Page 1 of 1

Problems with Google Ngrams

PostPosted: 26 Sep 2016 07:30
by Richard
We've used Google Ngrams several times as a quick way of gaining insights into language use. While it's fun and easy to use, there are several problems - see https://www.wired.com/2015/10/pitfalls- ... gle-ngram/ Do you think these problems are serious enough to make Google Ngrams so unreliable that it shouldn't be used?
I like the point about the confusion between the traditional long 's' and 'f' (very well illustrated in the example).

Re: Problems with Google Ngrams

PostPosted: 28 Sep 2016 16:13
by stevelouw
I've just written a blog for language teachers about how they can use Google Ngram to help them in the classroom. I feel that it's a really useful tool for teachers, and that teachers can also easily teach students how to use it so they can experiment with it too. Some common classroom questions students have can be quite quickly answered with it - like whether to use 'toward' or 'towards'.
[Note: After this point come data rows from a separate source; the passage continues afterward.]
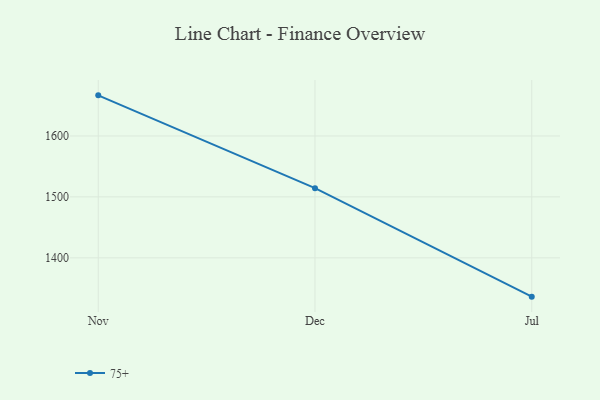
{"axis": {"x": "Month", "y": "Inventory Turnover"}, "legend": ["75+"], "data": [{"x": "Nov", "y": 1666.6, "type": "75+"}, {"x": "Dec", "y": 1514.3, "type": "75+"}, {"x": "Jul", "y": 1336.3, "type": "75+"}]}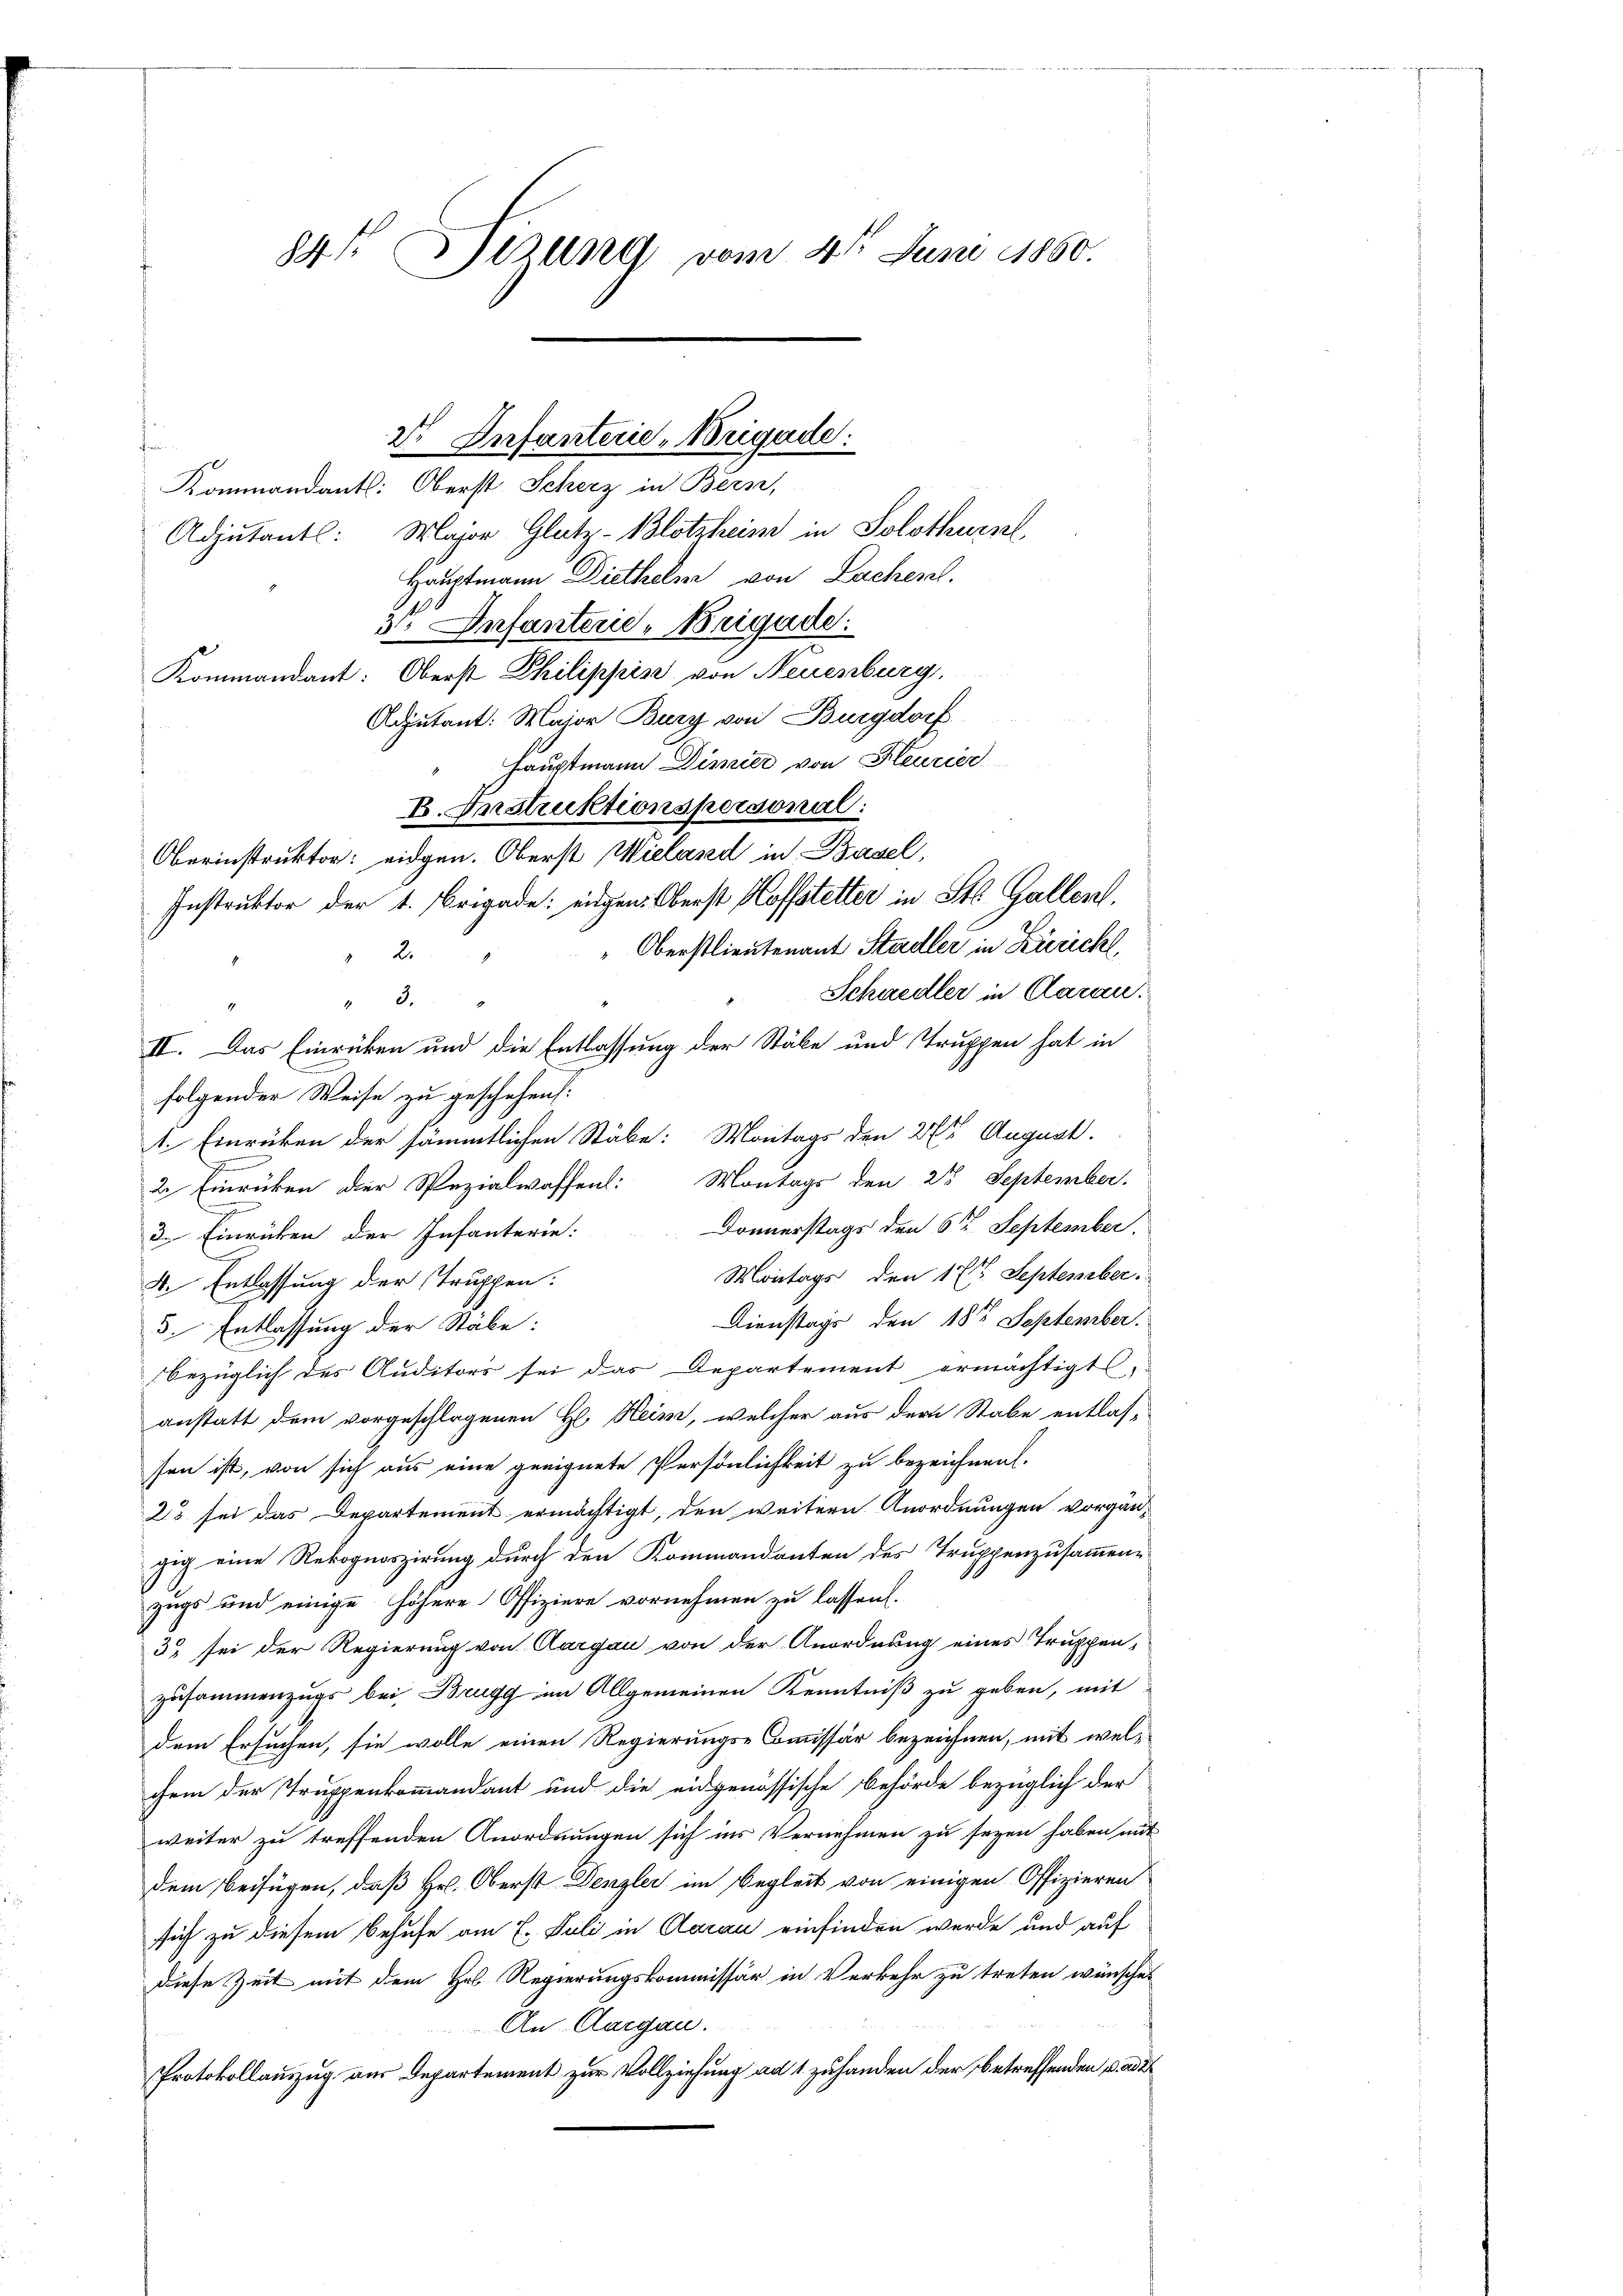
84t Sizung vom 4t Juni 1860.

s
Kommandants: Oberst Scherz in Bern,
Adjutantl: Major Glutz-Blotzheim in Solothurn,
Hauptmann Diethelm von Lachen.
3: Infanten-Brigade.
Kommandant: Oberst Philippin von Neuenburg.
Adjutant: Major Bury von Burgdorf
Hauptmann Dimier von Heurier
B. Instruktionspersonal:
Oberinstruktor eidgen. Oberst Wieland in Basel,
Instruktor der 1. Brigade: eidgen. Oberst Hoffstetter in St. Gallen,
Oberstlieutenant Stadler in Zürich,
2
Schiedler in Aarau.
3.
1.
II. Das Einrücken und die Entlassung der Stäbe und Truppen hat in
folgender Weise zu geschehen:
1. Einrücken der sämmtlichen Stäbe: Montags den 27 t August.
2. Einrücken der Spezialwaffen: Montags den 28 September.
Donnerstags den 6ten September.
3. Einrücken der Infanterie:
Montags den 17. September.
d. Entlassung der Truppen.
Dienstags den 18te September.
5. Entlassung der Stäbe:
bezüglich des Auditors sei das Departement ermächtigt,
anstatt dem vorgeschlagenen H. Heim, welcher aus der Stabe entlas-
sen ist, von sich aus eine geeignete Persönlichkeit zu bezeichnen.
23 sei das Departement ermächtigt, den weitern Anordnungen vorgän-
gig eine Rekognoszirung durch den Kommandanten des Truppenzusammenzugs und einige höhere Offiziere vornehmen zu lassen.
3) sei der Regierung von Aargau von der Anordnung eines Truppen-
zusammenzugs bei Brugg im Allgemeinen Kenntniß zu geben, mit
dem Ersuchen, sie wolle einen Regierungs-Commissär bezeichnen, mit welchem der Truppenkommandant und die eidgenössische Behörde bezüglich der
weiter zu treffenden Anordnungen sich ins Vernehmen zu seyen haben mit
dem beifügen, daß Hr. Oberst Denzler im Begleit von einigen Offizieren
sich zu diesem Behufe am 1. Juli in Aarau einfinden werde und auf
diese Zeit mit dem Hel Regierungskommissär in Verkehr zu treten wünschet
An Aargau.
Protokollauszug aus Departement zur Vollziehung an 1 zuhanden der betreffenden Bader

2r Infanterie-Brigade: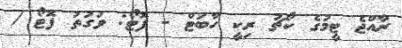
ރާއްޖެ ޓީމުގެ ކޯޗު ރިކީ ހާބަޓް - ފޮޓޯ: ވަގުތު ފޮޓޯ /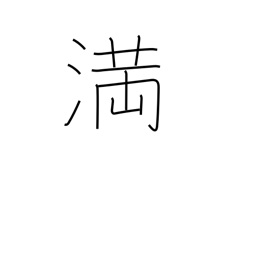
Meaning: enough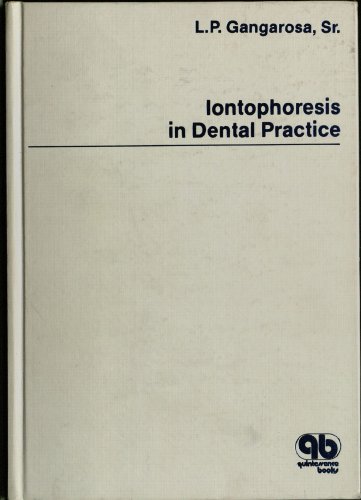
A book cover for Iontophoresis in Dental Practice; Louis P. Gangarosa; Medical Books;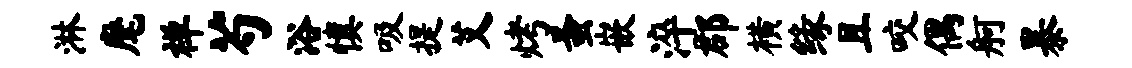
淋麾禅芍浴慎吸提艾烤蚤嵌淬郡横缘且咬偶舸暴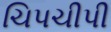
ચિપચીપી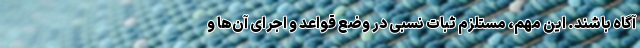
آگاه باشند. این مهم، مستلزم ثبات نسبی در وضع قواعد و اجرای آن‌ها و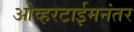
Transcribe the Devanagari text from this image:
ओव्हरटाईमनंतर

The writer of this article outlines some of the potential problems with the Ngram Viewer, but also ends by saying that problems aside, the tool is powerful and useful. What I read from the article is that in using Ngram, we don't the ultimate answer to whatever our queries are, just some additional data.

I also liked the 'f'/'s' discussion - that makes sense now, but I hadn't thought of it before.

Re: Problems with Google Ngrams

PostPosted: 30 Sep 2016 09:50
by punjaporn
A piece of data is useful in some way, however, with its limitations. More important point is that we need to know and aware of what it can or cannot be used for. It is actually a useful tool for learning and that’s a good idea to have something “fun and easy to use” in the classroom. But if you want to use it, read Steve’s blog first! For more serious research, I think researchers can use it carefully as a starting point for more detailed analysis. Its data can be used with cautions.

Re: Problems with Google Ngrams

PostPosted: 02 Oct 2016 12:00
by sgtowns
I agree with Aum that Google NGrams could be a "fun and easy to use" tool in the classroom -- perhaps it can give students some insights about how language changes over time. But I don't think that it is a very appropriate tool for use in research, unless it's just a starting point, as Aum said. Has anyone found a paper that uses Google n-grams as their primary data source? I'd be interested to read it.

Just as another example that is not mentioned in the linked article is the chart that you see when you go to https://books.google.com/ngrams now. It shows that "Frankenstein" has gained in popularity since 1960, easily outpacing "Albert Einstein" and "Sherlock Holmes". But chances are, the books are not referring to the famous Frankenstein story, but instead the new definition of this word meaning of "a monstrous creation; especially: a work or agency that ruins its originator" (from Merriam-Webster Dictionary). But there is nothing in the data that would show this. You would only find it by looking at concordance lines.

And by the way, I would also be interested in reading Steve's blog. What is the URL? :)

Re: Problems with Google Ngrams

PostPosted: 05 Oct 2016 18:15
by stevelouw
Here you go :

http://www.ajarn.com/blogs/stephen-louw ... y-part-two

Enjoy, and don't laugh too much. It's written for the run-of-the-mill teacher out there, so it has little meat to it. As a research tool, I agree with Aum that the Ngram Viewer gives a good starting point and maybe some initial insights, but it's a piece of data that has to be fitted in with other data to draw meaningful results.